Mrs. Herford started from her chair in sudden alarm. Any insecurity as to her own income had not occurred to her. But now it occurred to her that the will which had been destroyed by mistake had left her absolutely dependent upon her younger son. Justin had paid her handsome allowance as regularly as Christmas and Midsummer came; and she had never offered to take the least share of the household expenditure. The tears stood in her eyes, as she gazed imploringly at Richard, whose face was impenetrable.

"There must be no charge upon the estate," he said. "If my father left me everything, everything I will have. You can surely trust my mother to me? This is a question to be settled between her and me; not between me and you. I've no intention of going to law in this affair. I said I'd forgive you, and I'll stick to my word. If you like to leave Pansy here, I'll be good to her; for she is an uncommonly nice young girl, and she'd help to keep the house alive. Not but what it will be alive when I'm master of it.
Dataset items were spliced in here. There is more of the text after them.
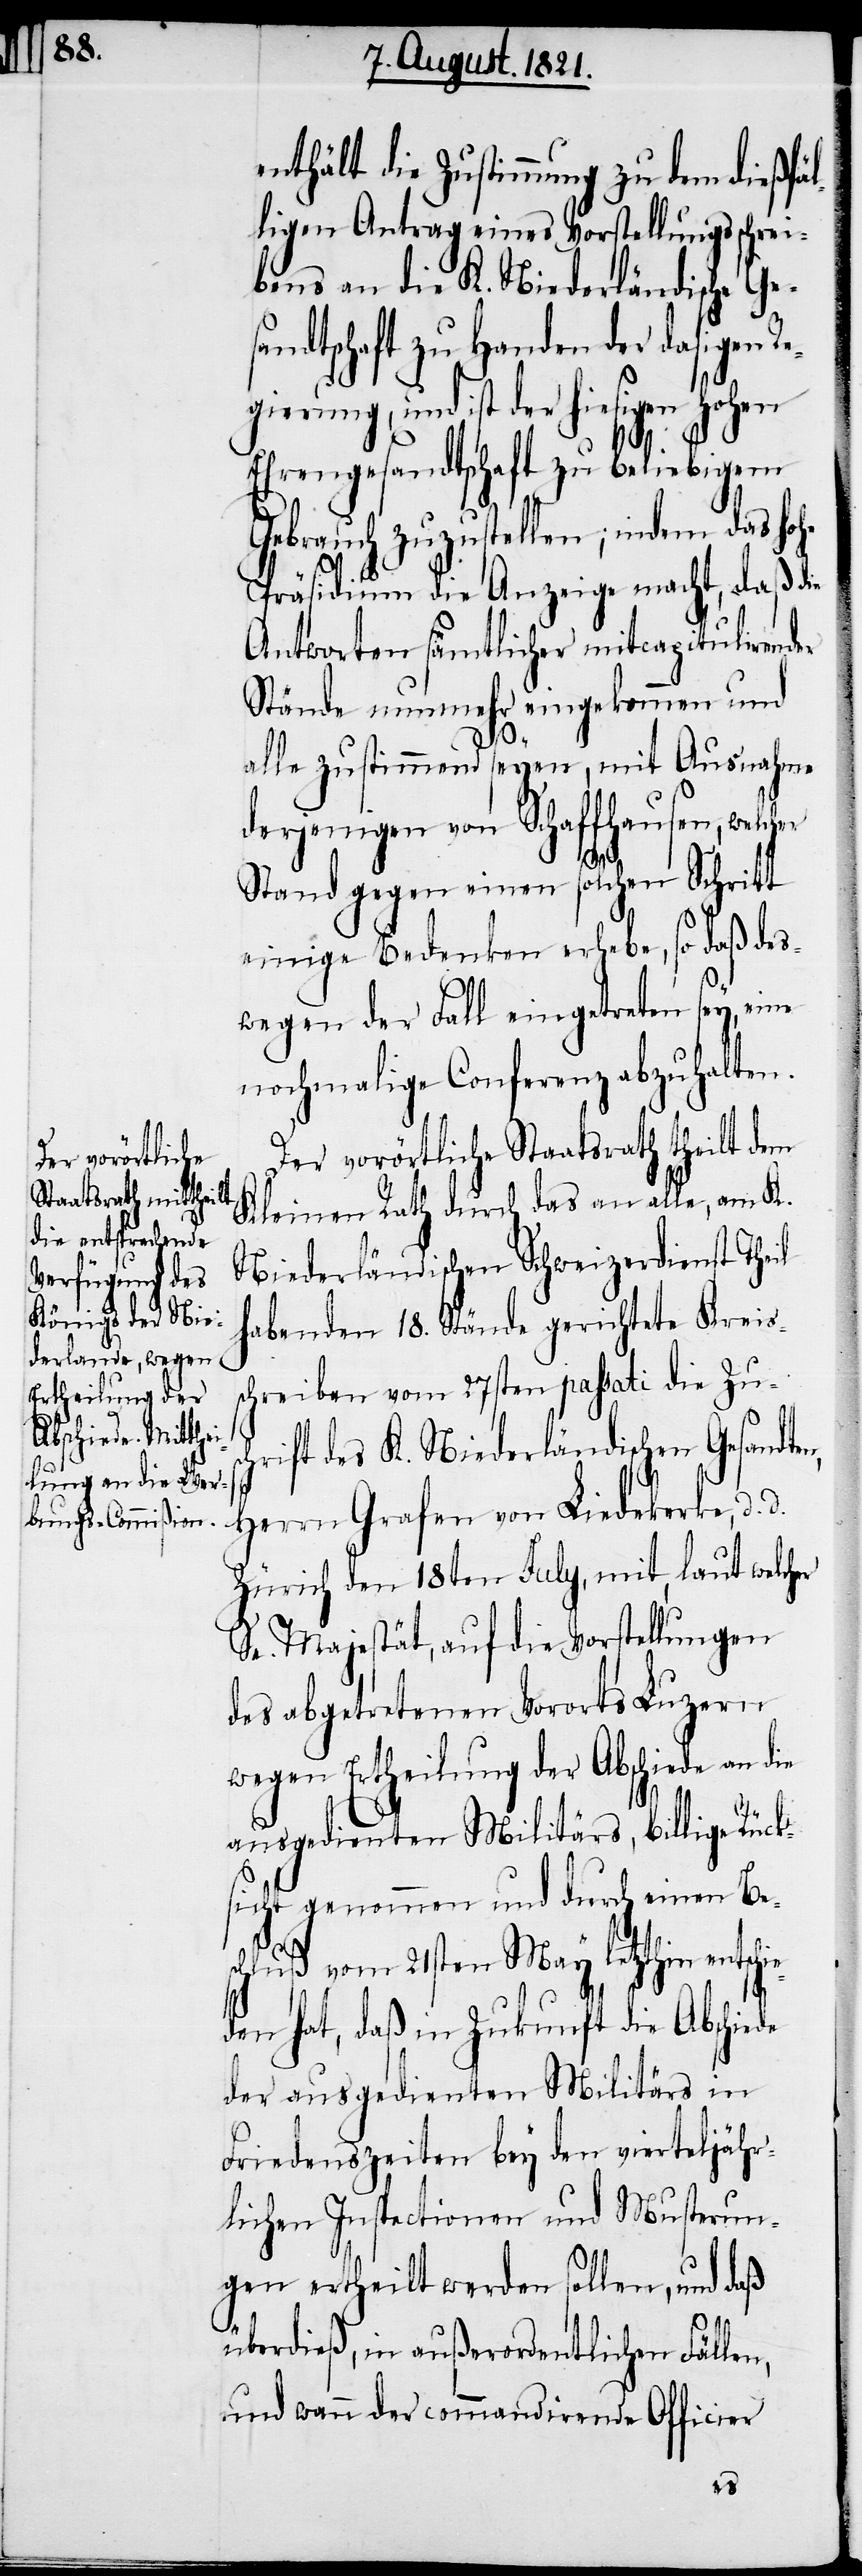
tschie¬

enthält die Zustimmung zu dem dießfäl¬
ligen Antrag eines Vorstellungsschrei¬
bens an die K. Niederländische Ges¬
andtschaft zu Handen der dasigen Re¬
gierung, und ist der hiesigen
Ehrengesandtschaft zu beliebigem
Gebrauch zuzustellen; indem das hohe
Präsidium die Anzeige macht, daß die
Antworten sämtlicher mitcapitulirender
Stände nunmehr eingekommen und
n,
alle zustimmend seyen, mit Ausnahme
derjenigen von Schaffhausen, welcher
Stand gegen einen solchen Schritt
einige Bedenken erhebe, so daß des¬
wegen der Fall eingetreten sey, eine
nochmalige Conferenz abzuhalten.
Der vorörtliche Staatsrath theilt dem
Kleinen Rath durch das an alle, am K.
Niederländischen Schweizerdienst Theil
habenden 18. Stände gerichtete Kreis¬
schreiben vom 27sten passati die Zu¬
hrift des K. Niederländischen Gesandten,
Herrn Grafen von Liedekerke, d.
Zürich den 18ten July, mit, laut welch¬
Se. Majestät, auf die Vorstellungen
des abgetretenen Vororts Luzern
wegen Ertheilung der Abschiede an die
ausgedienten Militärs, billige Rück¬
sicht genommen und durch einen Be¬
hluß vom 21sten May letzthin en¬
den hat, daß in Zukunft die Abschiede
der ausgedienten Militärs in
Friedenszeiten bey den vierteljähr¬
lichen Inspectionen und Musterun¬
gen ertheilt werden sollen, und daß
überdieß, in außerordentlichen Fälle¬
und wann der commandirende Officier
er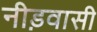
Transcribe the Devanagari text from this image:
नीड़वासी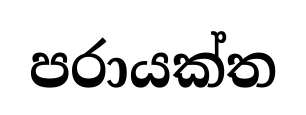
පරායක්ත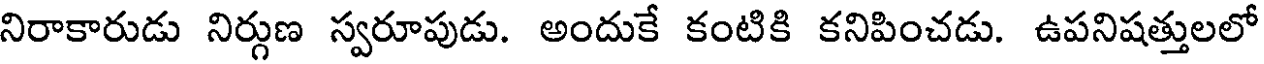
నిరాకారుడు నిర్గుణ స్వరూపుడు. అందుకే కంటికి కనిపించడు. ఉపనిషత్తులలో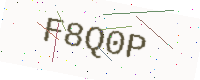
Text: F8Q0P
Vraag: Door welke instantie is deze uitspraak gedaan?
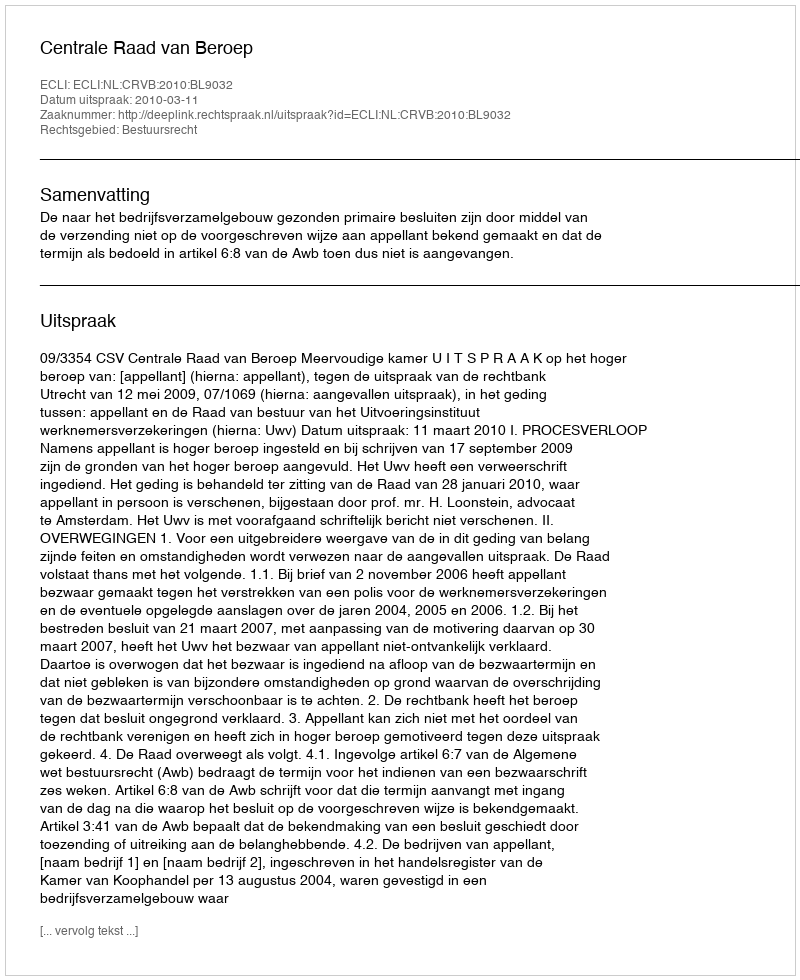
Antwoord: Centrale Raad van Beroep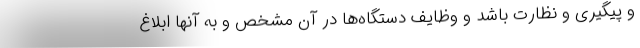
و پیگیری و نظارت باشد و وظایف دستگاه‌ها در آن مشخص و به آنها ابلاغ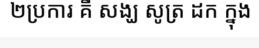
២ប្រការ គឺ សង្ឃ សូត្រ ដក ក្នុង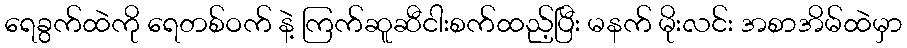
ရေခွက်ထဲကို ရေတစ်ဝက် နဲ့ ကြက်ဆူဆီငါးစက်ထည့်ပြီး မနက် မိုးလင်း အစာအိမ်ထဲမှာ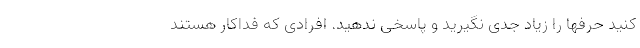
کنید حرفها را زیاد جدی نگیرید و پاسخی ندهید. افرادی که فداکار هستند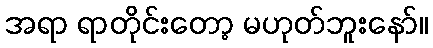
အရာ ရာတိုင်းတော့ မဟုတ်ဘူးနော်။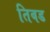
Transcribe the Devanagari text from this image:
तिबड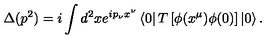
\Delta ( p ^ { 2 } ) = i \int d ^ { 2 } x e ^ { i p _ { \nu } x ^ { \nu } } \left\langle 0 \right| T \left[ \phi ( x ^ { \mu } ) \phi ( 0 ) \right] \left| 0 \right\rangle .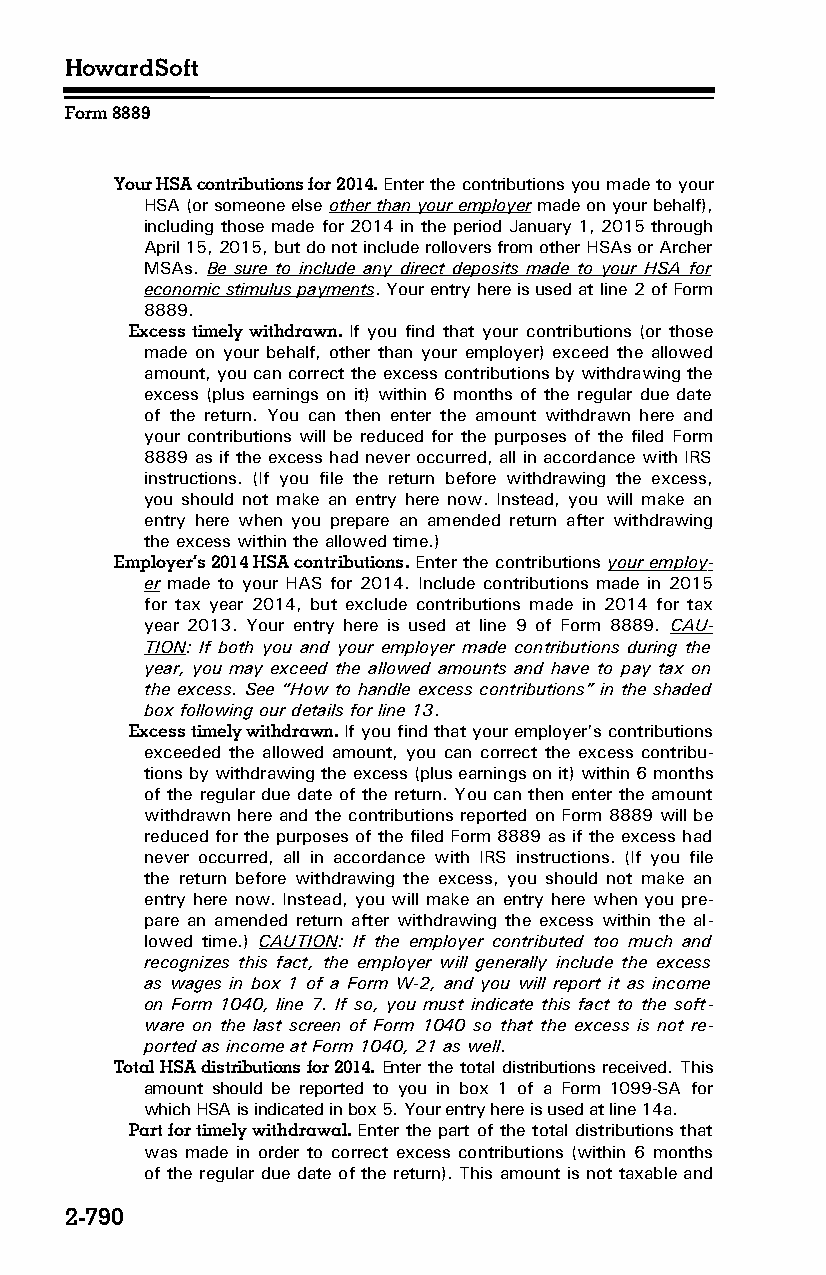
HowardSoft
 Form 8889
 Your HSA contributions for 2014. Enter the contributions you made to your
 HSA (or someone else other than your employer made on your behalf),
 including those made for 2014 in the period January 1, 2015 through
 April 15, 2015, but do not include rollovers from other HSAs or Archer
 MSAs. Be sure to include any direct deposits made to your HSA for
 economic stimulus payments. Your entry here is used at line 2 of Form
 8889.
 Excess timely withdrawn. If you find that your contributions (or those
 made on your behalf, other than your employer) exceed the allowed
 amount, you can correct the excess contributions by withdrawing the
 excess (plus earnings on it) within 6 months of the regular due date
 of the return. You can then enter the amount withdrawn here and
 your contributions will be reduced for the purposes of the filed Form
 8889 as if the excess had never occurred, all in accordance with IRS
 instructions. (If you file the return before withdrawing the excess,
 you should not make an entry here now. Instead, you will make an
 entry here when you prepare an amended return after withdrawing
 the excess within the allowed time.)
 Employer’s 2014 HSA contributions. Enter the contributions your employ­
 er made to your HAS for 2014. Include contributions made in 2015
 for tax year 2014, but exclude contributions made in 2014 for tax
 year 2013. Your entry here is used at line 9 of Form 8889. CAU­
 TION: If both you and your employer made contributions during the
 year, you may exceed the allowed amounts and have to pay tax on
 the excess. See “How to handle excess contributions” in the shaded
 box following our details for line 13.
 Excess timely withdrawn. If you find that your employer’s contributions
 exceeded the allowed amount, you can correct the excess contribu­
 tions by withdrawing the excess (plus earnings on it) within 6 months
 of the regular due date of the return. You can then enter the amount
 withdrawn here and the contributions reported on Form 8889 will be
 reduced for the purposes of the filed Form 8889 as if the excess had
 never occurred, all in accordance with IRS instructions. (If you file
 the return before withdrawing the excess, you should not make an
 entry here now. Instead, you will make an entry here when you pre­
 pare an amended return after withdrawing the excess within the al­
 lowed time.) CAUTION: If the employer contributed too much and
 recognizes this fact, the employer will generally include the excess
 as wages in box 1 of a Form W-2, and you will report it as income
 on Form 1040, line 7. If so, you must indicate this fact to the soft­
 ware on the last screen of Form 1040 so that the excess is not re­
 ported as income at Form 1040, 21 as well.
 Total HSA distributions for 2014. Enter the total distributions received. This
 amount should be reported to you in box 1 of a Form 1099-SA for
 which HSA is indicated in box 5. Your entry here is used at line 14a.
 Part for timely withdrawal. Enter the part of the total distributions that
 was made in order to correct excess contributions (within 6 months
 of the regular due date of the return). This amount is not taxable and
 2-790
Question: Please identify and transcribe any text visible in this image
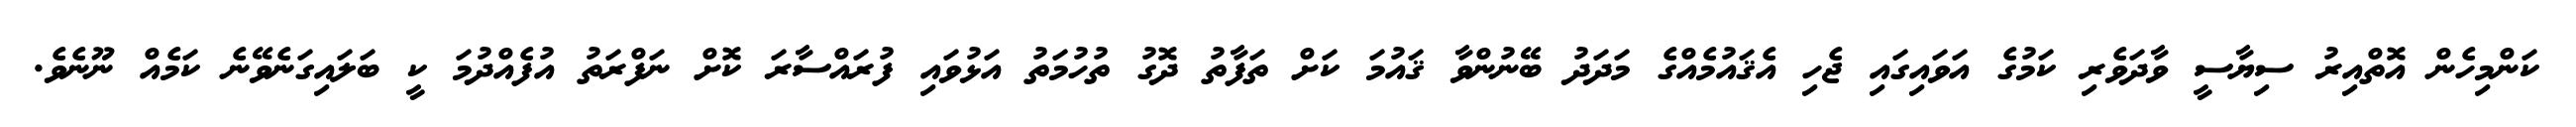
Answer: ކަންމިހެން އޮތްއިރު ސިޔާސީ ވާދަވެރި ކަމުގެ އަވައިގައި ޖެހި އެޤައުމެއްގެ މަދަދު ބޭނުންވާ ޤައުމަ ކަށް ތަފާތު ދޮގު ތުހުމަތު އަޅުވައި ފުރައްސާރަ ކޮށް ނަފްރަތު އުފެއްދުމަ ކީ ބަލައިގަނެވޭނެ ކަމެއް ނޫނެވެ.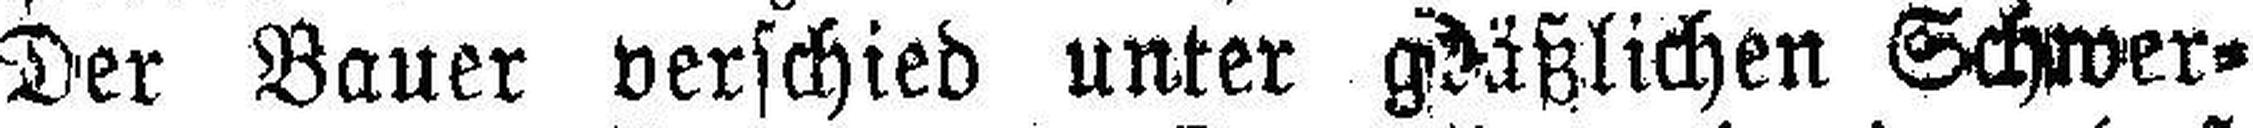
Der Bauer verschied unter gräßlichen Schwer¬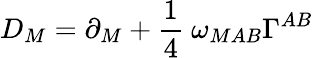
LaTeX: D_{M}=\partial_{M}+{\frac{1}{4}}~\omega_{MAB}\Gamma^{AB}
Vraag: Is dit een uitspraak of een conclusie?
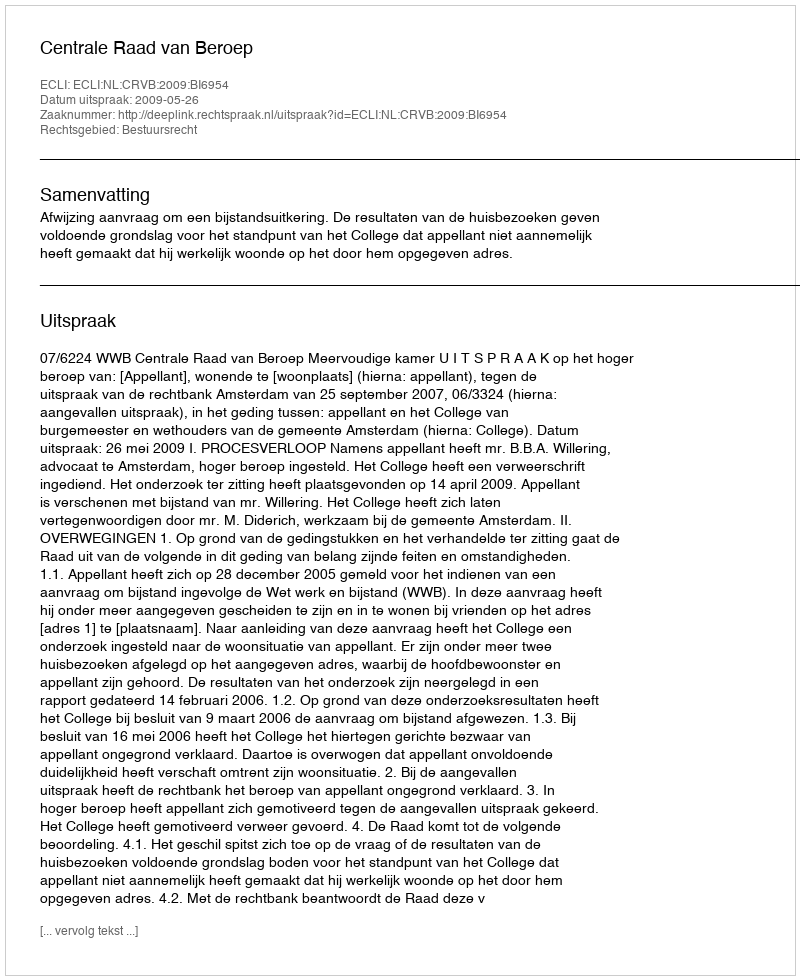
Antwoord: Uitspraak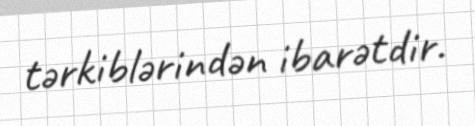
tərkiblərindən ibarətdir.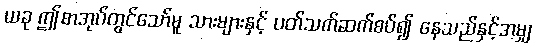
ယခု ဤစာအုပ်တွင်သော်မူ သားများနှင့် ပတ်သက်ဆက်စပ်၍ နေသည်နှင့်အမျှ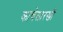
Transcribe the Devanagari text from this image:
काचेसारखी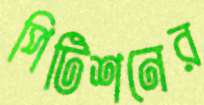
পিটিশনের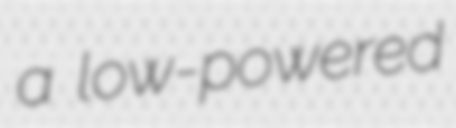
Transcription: a low-powered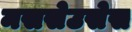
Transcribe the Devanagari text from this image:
मससेउसेस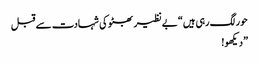
حور لگ رہی ہیں“ بے نظیر بھٹو کی شہادت سے قبل
” دیکھو!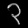
Digit: ၃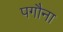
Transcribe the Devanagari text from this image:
पगौना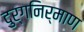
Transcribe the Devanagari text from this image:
दुर्गनिर्माण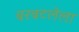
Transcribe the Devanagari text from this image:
बरबटलेला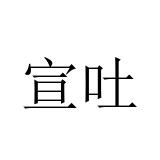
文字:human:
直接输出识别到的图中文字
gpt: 宣吐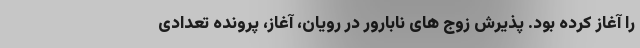
را آغاز کرده بود. پذیرش زوج های نابارور در رویان، آغاز، پرونده تعدادی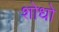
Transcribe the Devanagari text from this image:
शोधो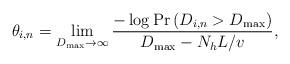
LaTeX: \begin{align*} \setlength{\abovedisplayskip}{4 pt}\setlength{\belowdisplayskip}{4 pt} \theta_{i,n} = \mathop {\lim }\limits_{{D_{\max }} \to \infty } \frac{{-\log \Pr\left( {D_{i,n} > {D_{\max }}} \right)}}{{{D_{\max }} - {{{N_h}L} \mathord{\left/ {\vphantom {{{N_h}L} v}} \right. \kern-\nulldelimiterspace} v}}},\end{align*}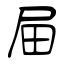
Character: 屇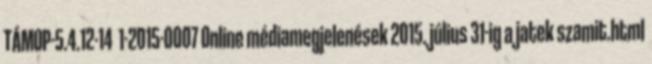
TÁMOP-5.4.12-14 1-2015-0007 Online médiamegjelenések 2015. július 31-ig a jatek szamit.html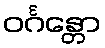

We'll soon put some life into the place, I promise you."

"But, Dick, my dear, dear boy," said his mother pathetically, "I should like to have my money matters settled now, whilst we are all talking about it. Your father left me £300 a year, and it's no more than I ought to have. It must be made chargeable on the estate, as it is now. Thomas Watson, do open your lips, and speak a word of common sense about it, if you can."

"I don't know what to say," he answered. "If the will that was destroyed is to stand, he left you nothing; and if the other will is to stand, he left Dick nothing. It's a pretty kettle of fish. I think I'd better go home, and talk it over with Frost."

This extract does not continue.